## Required action
Using the entries below, copy exactly each line from the line with "Vraag: Op welk" up to and including the line with "Antwoord: Bestuursrecht; Socialezekerheidsrecht", with every picture left out.

[Items listed in a dataset]
____

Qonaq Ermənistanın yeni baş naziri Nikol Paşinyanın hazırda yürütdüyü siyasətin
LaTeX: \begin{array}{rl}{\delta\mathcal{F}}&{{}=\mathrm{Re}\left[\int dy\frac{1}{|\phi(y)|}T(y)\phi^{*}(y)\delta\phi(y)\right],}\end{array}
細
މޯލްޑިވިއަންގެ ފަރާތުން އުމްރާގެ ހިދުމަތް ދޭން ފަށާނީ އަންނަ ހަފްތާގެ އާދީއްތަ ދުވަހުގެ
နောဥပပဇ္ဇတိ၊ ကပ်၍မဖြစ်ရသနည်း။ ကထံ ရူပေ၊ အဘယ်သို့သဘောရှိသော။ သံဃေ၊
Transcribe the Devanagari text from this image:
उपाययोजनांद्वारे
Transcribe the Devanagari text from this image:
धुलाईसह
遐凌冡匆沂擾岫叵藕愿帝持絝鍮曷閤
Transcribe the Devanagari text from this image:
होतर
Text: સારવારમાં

____

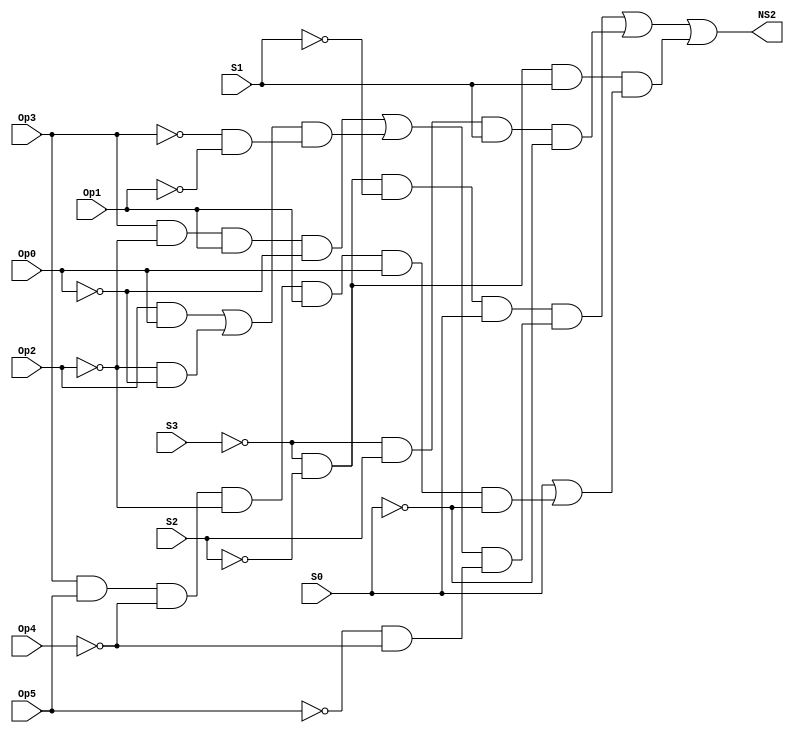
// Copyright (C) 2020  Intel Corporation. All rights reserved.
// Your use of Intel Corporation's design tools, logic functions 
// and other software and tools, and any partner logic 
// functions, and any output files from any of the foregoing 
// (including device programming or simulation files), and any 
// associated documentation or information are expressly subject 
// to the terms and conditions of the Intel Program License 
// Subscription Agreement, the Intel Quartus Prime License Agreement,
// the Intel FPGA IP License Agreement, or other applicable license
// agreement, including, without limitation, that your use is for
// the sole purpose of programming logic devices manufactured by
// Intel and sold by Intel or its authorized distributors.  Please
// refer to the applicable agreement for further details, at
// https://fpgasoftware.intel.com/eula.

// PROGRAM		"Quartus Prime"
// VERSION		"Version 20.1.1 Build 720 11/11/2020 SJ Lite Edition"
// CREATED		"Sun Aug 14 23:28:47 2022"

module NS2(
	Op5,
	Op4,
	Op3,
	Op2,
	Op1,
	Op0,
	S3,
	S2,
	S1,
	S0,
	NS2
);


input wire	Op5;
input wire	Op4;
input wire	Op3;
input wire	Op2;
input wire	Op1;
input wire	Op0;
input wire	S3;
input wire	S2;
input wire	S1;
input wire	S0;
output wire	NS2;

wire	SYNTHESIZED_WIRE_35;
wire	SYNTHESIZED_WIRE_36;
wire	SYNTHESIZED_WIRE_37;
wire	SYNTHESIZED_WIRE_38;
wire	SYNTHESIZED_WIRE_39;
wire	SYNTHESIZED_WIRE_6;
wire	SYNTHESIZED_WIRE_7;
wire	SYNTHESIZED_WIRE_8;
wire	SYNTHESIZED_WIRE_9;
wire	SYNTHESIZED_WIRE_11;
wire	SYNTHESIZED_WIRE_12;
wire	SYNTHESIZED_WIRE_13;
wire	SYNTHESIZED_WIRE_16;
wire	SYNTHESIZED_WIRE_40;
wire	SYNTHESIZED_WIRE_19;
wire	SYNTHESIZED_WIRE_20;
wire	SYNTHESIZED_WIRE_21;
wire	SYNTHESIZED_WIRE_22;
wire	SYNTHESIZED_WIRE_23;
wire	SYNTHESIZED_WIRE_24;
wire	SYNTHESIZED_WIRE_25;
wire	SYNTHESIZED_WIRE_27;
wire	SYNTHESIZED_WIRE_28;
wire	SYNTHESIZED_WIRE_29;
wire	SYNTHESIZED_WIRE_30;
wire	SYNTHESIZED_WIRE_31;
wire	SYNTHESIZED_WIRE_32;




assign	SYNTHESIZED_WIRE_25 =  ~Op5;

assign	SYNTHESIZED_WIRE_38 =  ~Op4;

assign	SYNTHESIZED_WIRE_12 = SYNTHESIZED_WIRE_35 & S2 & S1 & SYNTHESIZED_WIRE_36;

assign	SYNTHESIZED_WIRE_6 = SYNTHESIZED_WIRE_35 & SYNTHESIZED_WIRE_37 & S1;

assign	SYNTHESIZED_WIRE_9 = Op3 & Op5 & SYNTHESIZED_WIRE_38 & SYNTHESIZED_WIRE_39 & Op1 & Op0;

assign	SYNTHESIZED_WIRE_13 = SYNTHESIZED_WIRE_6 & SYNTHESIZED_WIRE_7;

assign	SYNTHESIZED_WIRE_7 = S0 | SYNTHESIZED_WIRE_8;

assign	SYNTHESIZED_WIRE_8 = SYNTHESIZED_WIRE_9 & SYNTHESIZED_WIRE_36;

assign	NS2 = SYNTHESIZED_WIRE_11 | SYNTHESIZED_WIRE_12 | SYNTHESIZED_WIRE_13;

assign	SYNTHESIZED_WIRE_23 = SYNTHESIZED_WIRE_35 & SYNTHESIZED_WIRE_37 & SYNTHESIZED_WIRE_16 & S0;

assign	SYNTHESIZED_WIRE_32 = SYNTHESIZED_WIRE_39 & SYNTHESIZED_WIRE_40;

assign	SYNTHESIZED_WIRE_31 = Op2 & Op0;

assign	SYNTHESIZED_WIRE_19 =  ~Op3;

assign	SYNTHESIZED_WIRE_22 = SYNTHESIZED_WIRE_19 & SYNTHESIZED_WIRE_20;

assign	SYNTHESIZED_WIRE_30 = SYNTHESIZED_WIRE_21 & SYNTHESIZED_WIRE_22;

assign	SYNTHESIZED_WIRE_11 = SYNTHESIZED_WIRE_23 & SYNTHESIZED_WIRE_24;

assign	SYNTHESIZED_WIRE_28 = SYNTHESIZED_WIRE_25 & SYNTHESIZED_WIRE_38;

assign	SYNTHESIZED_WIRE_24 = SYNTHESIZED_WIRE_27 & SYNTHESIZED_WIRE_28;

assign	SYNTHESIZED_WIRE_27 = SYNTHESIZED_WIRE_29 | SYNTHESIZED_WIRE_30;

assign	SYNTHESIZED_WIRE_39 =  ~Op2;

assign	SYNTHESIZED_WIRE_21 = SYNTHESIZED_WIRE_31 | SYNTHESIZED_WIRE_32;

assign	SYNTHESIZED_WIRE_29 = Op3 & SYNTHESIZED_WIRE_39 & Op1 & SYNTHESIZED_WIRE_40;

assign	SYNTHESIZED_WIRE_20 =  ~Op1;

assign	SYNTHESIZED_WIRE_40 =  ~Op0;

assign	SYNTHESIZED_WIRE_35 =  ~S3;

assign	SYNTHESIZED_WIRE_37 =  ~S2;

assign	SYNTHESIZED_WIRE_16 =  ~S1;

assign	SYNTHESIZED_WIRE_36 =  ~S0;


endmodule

____

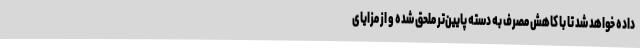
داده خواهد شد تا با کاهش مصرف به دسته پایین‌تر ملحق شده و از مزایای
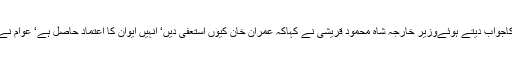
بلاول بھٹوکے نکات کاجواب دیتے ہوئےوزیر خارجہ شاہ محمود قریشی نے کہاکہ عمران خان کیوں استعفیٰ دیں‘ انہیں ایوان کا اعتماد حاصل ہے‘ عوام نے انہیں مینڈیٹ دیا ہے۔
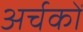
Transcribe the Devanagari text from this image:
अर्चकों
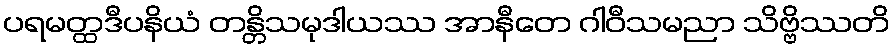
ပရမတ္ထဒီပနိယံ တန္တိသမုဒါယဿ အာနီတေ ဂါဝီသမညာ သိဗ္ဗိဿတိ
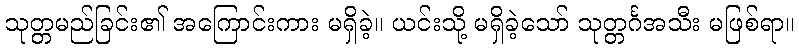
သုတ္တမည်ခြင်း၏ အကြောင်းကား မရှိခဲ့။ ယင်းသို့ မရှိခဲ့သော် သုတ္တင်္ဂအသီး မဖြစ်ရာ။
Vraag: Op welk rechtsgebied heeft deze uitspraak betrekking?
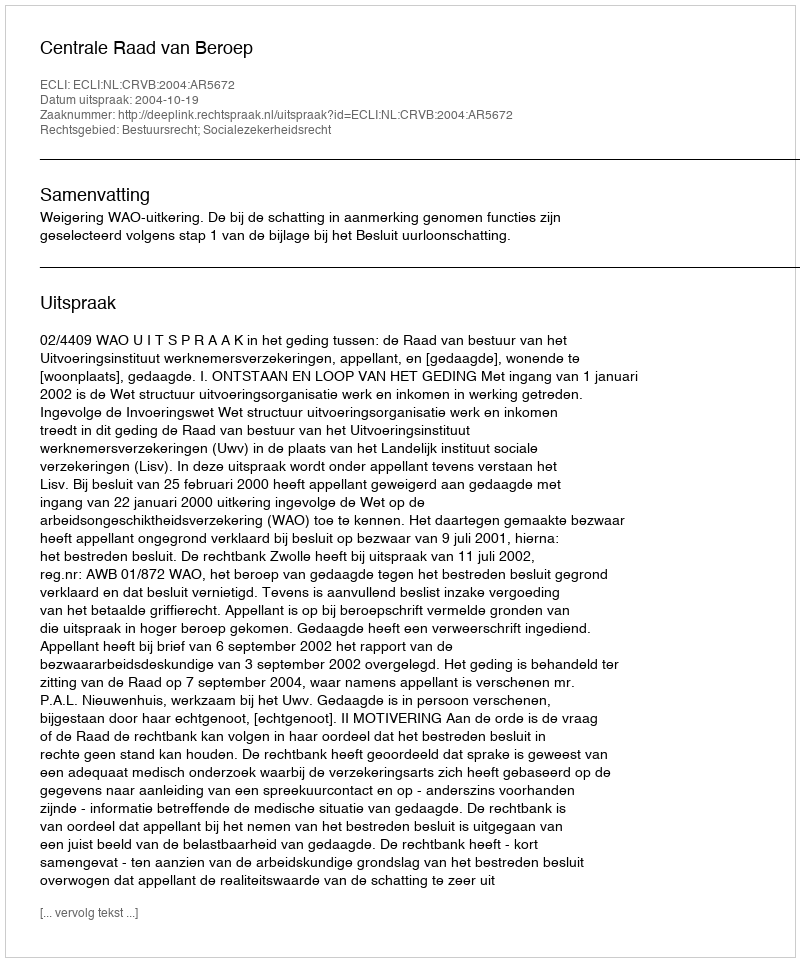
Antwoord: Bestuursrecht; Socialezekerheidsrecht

____

## Response to the exercise
Vraag: Op welk rechtsgebied heeft deze uitspraak betrekking?
Antwoord: Bestuursrecht; Socialezekerheidsrecht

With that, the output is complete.